Furthermore, exercising when sick certainly doesn’t aid your recovery process. So why do it? While exercising when we’re ill may help us feel better for the moment, it hardly helps us slow down to see the bigger picture of our health. Though perhaps not a popular opinion, I almost think we’re supposed to get sick on occasion. Our ultimate job in sickness is to learn and grow from the setback, as we should any challenge in life.
If you’re sick here’s a few tips for making your way through it and being truly better on the back end:
- Lean into sickness. As tempting as it is to mask every symptom of sickness, lean into pain when it appears in any facet of your life and learn what is to be learned from your unwelcome visitor.
- Take the downtime of sickness as an opportunity to be introspective. Take inventory of your body and especially the stress level in your life. Where are there opportunities to make changes?
- Use the neck check to determine your ability to exercise. If you absolutely must exercise, do exercise that encourages mindfulness, like yoga or meditative internal martial arts like qi gong. Do pure aerobic training, but avoid high-intensity anaerobic training, as intense exercise may actually suppress your immunity. Do not cause your body to be under duress or additional stress when you’re sick.
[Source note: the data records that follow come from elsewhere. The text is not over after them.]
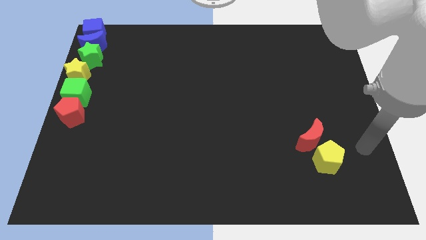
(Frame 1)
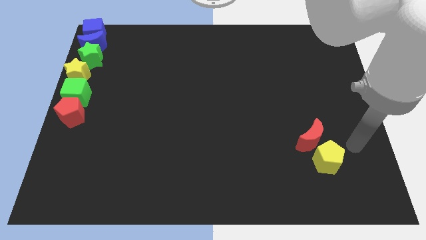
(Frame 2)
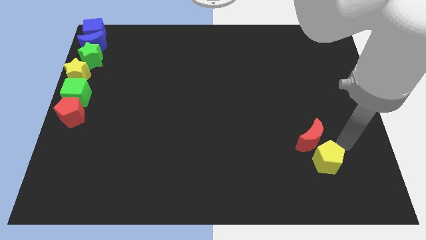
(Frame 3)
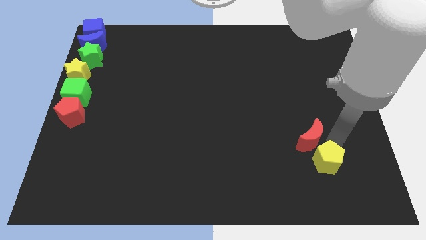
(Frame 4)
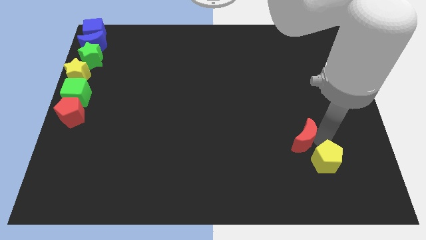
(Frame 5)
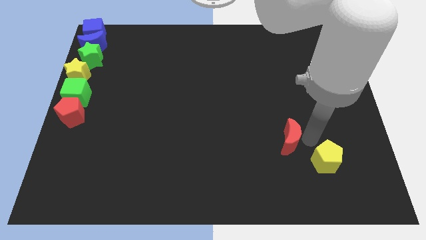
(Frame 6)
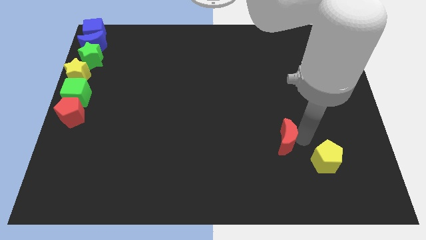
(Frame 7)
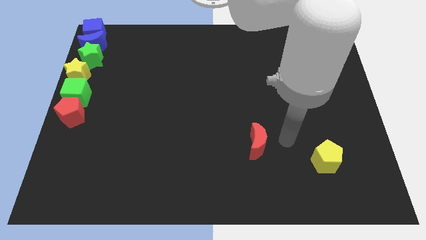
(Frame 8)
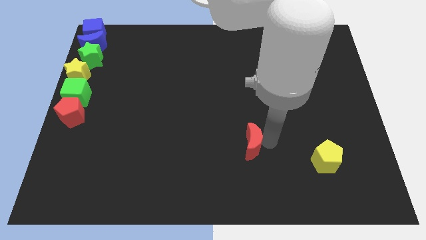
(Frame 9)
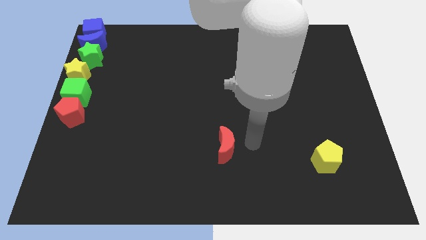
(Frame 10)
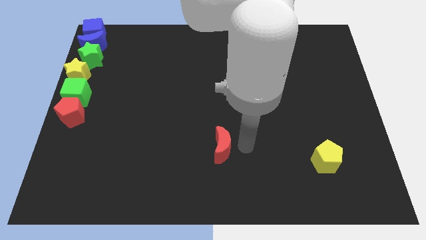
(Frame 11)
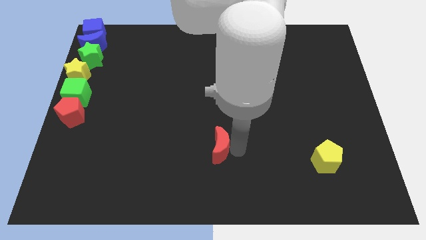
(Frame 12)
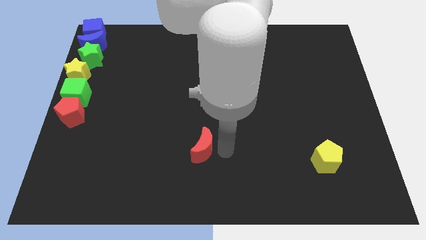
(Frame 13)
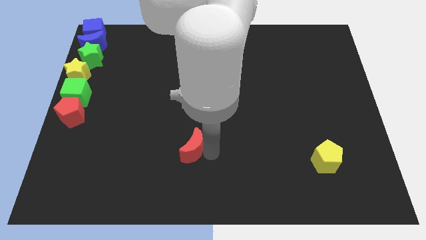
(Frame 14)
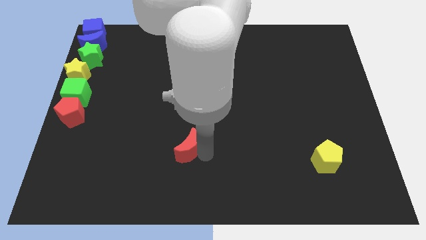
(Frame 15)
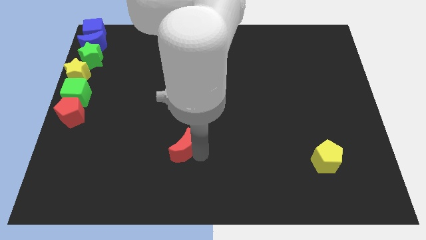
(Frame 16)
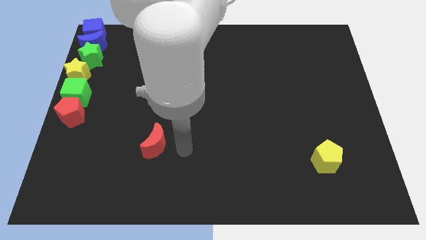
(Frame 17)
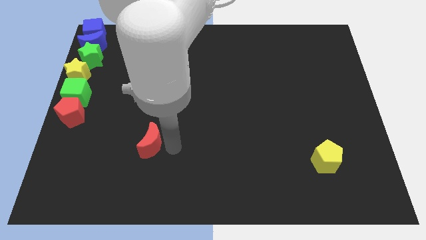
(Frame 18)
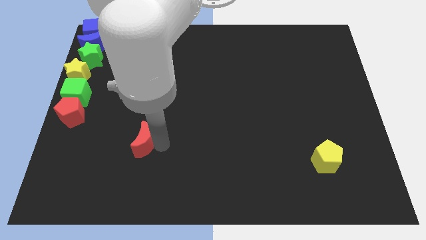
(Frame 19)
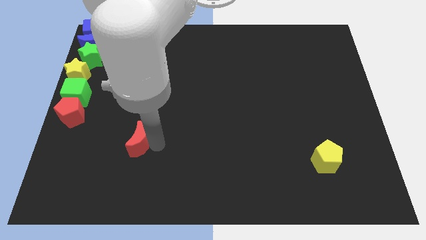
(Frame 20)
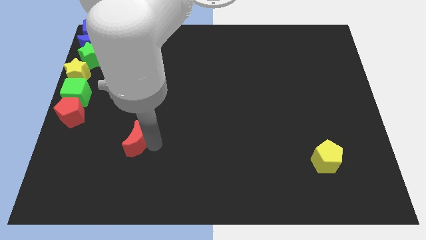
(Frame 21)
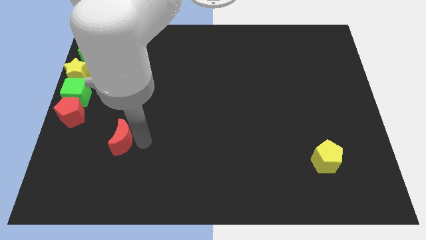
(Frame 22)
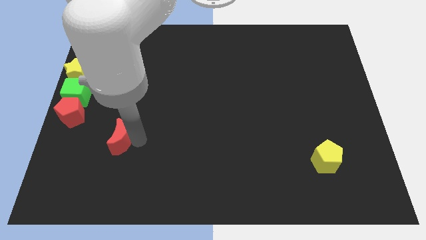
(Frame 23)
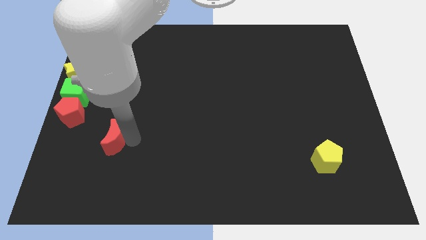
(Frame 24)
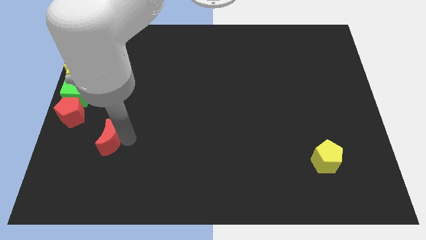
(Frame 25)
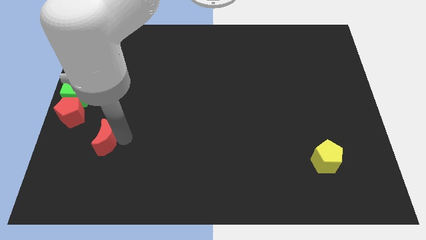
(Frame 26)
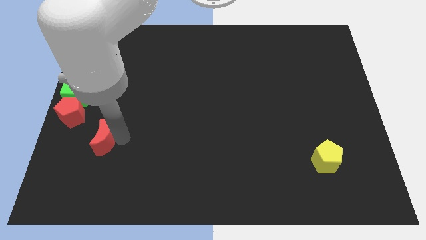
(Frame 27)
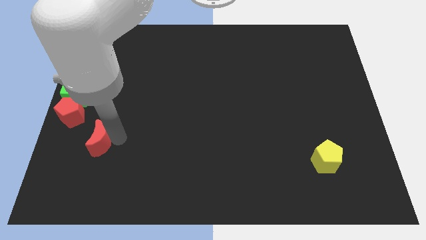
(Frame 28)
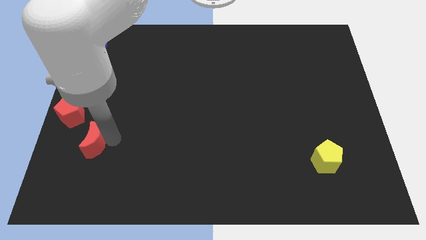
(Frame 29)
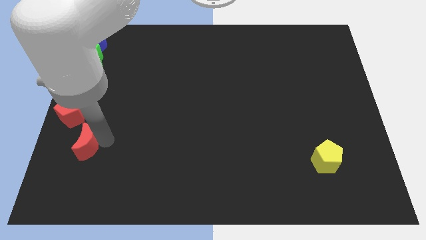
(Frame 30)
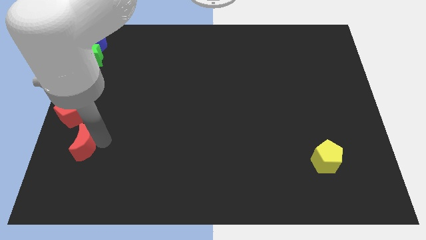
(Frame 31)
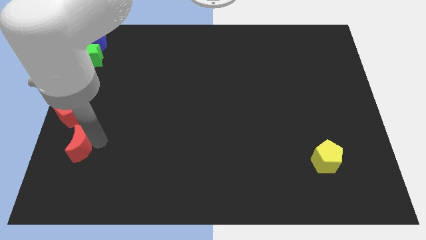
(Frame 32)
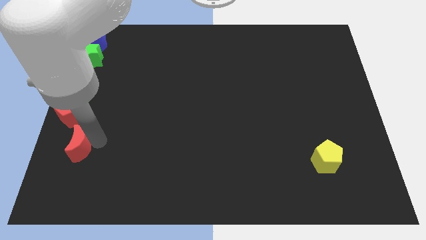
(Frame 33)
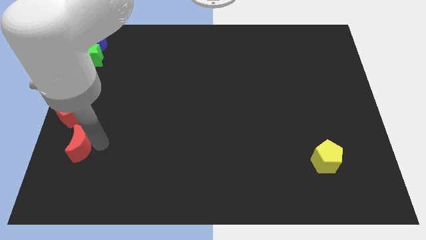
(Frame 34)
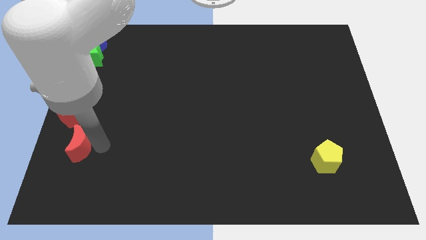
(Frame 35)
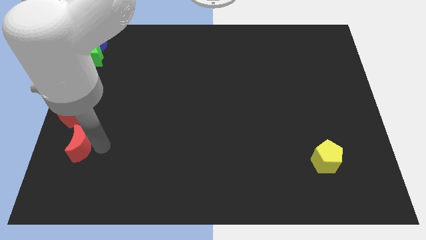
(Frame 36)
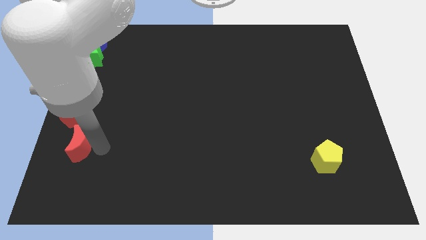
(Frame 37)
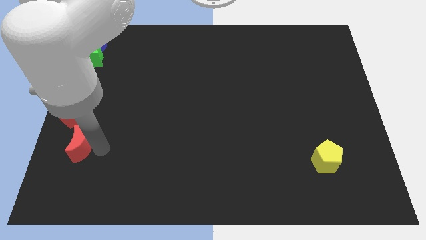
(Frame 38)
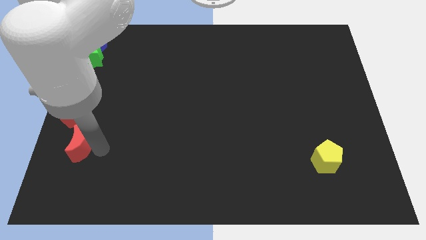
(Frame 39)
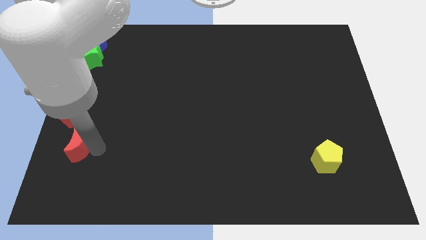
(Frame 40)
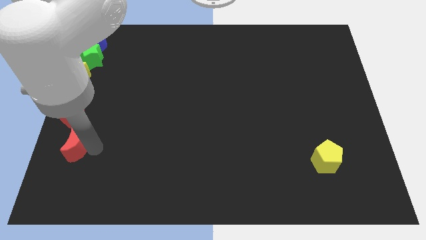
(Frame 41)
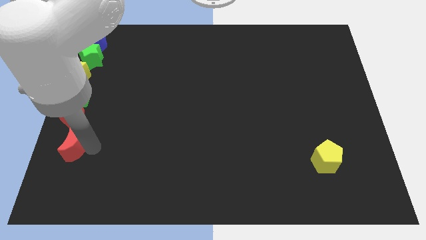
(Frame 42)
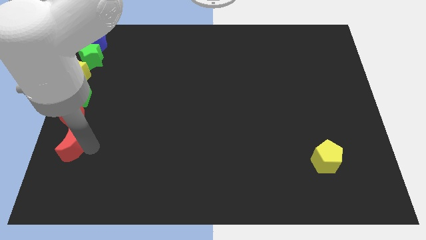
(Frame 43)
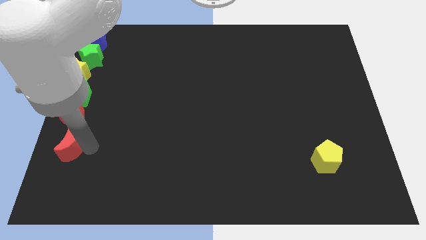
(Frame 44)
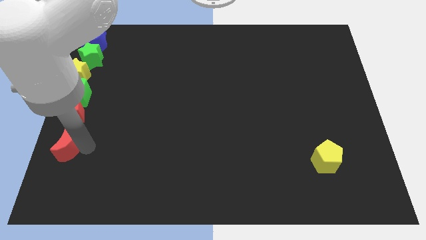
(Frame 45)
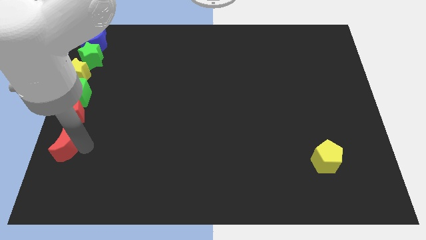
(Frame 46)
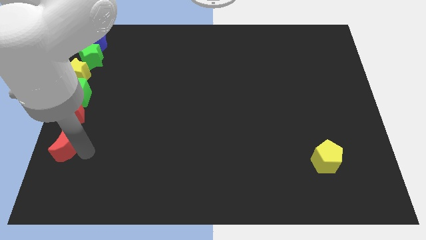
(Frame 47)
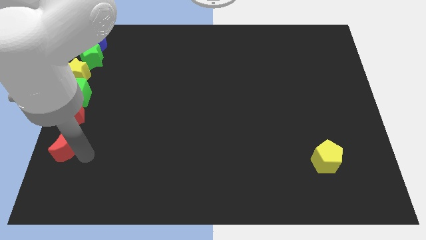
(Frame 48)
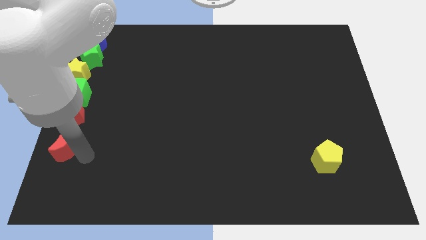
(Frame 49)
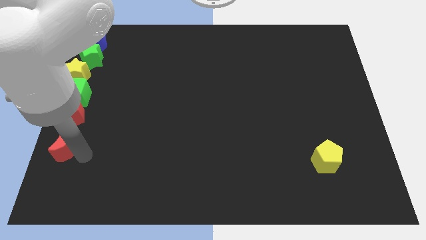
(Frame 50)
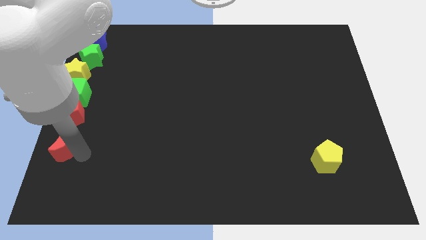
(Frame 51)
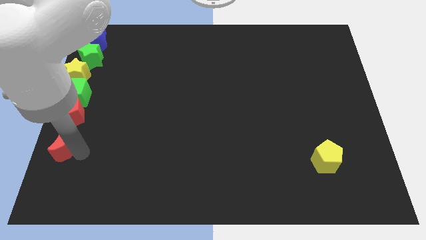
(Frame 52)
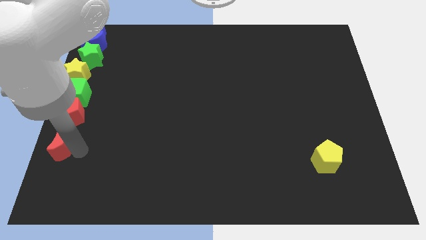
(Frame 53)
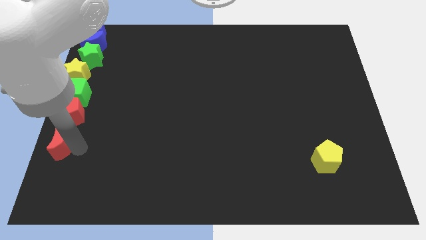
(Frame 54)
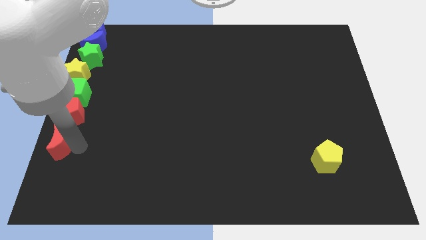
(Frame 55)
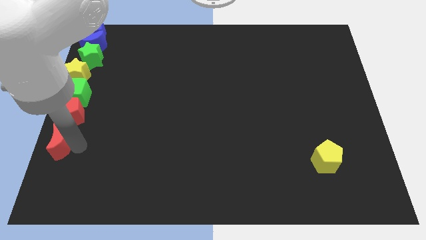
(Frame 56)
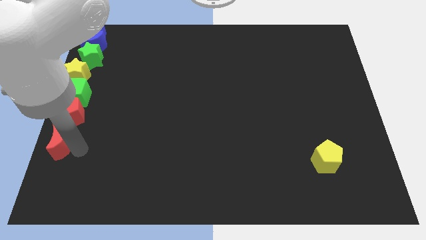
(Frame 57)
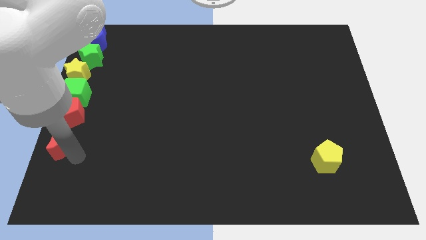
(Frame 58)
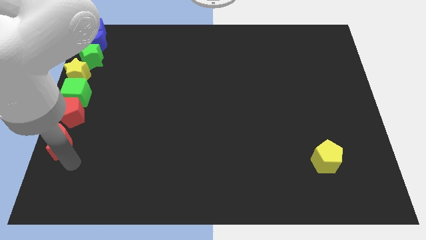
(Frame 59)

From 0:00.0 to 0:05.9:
push the red crescent to the bottom side of the red pentagon

When it comes to the final word on being sick and whether you should exercise, it comes down to three words – rest, reflect, and recover. Do that.
1. Thomas Weidner et al, “Effect of exercise training on the severity and duration of a viral upper respiratory illness,“ Medicine & Science in Sports & Exercise, 1998.
2. C.E Matthews et al, “Moderate to vigorous physical activity and risk of upper- respiratory tract infection,” Medicine & Science in Sports & Exercise, 2002.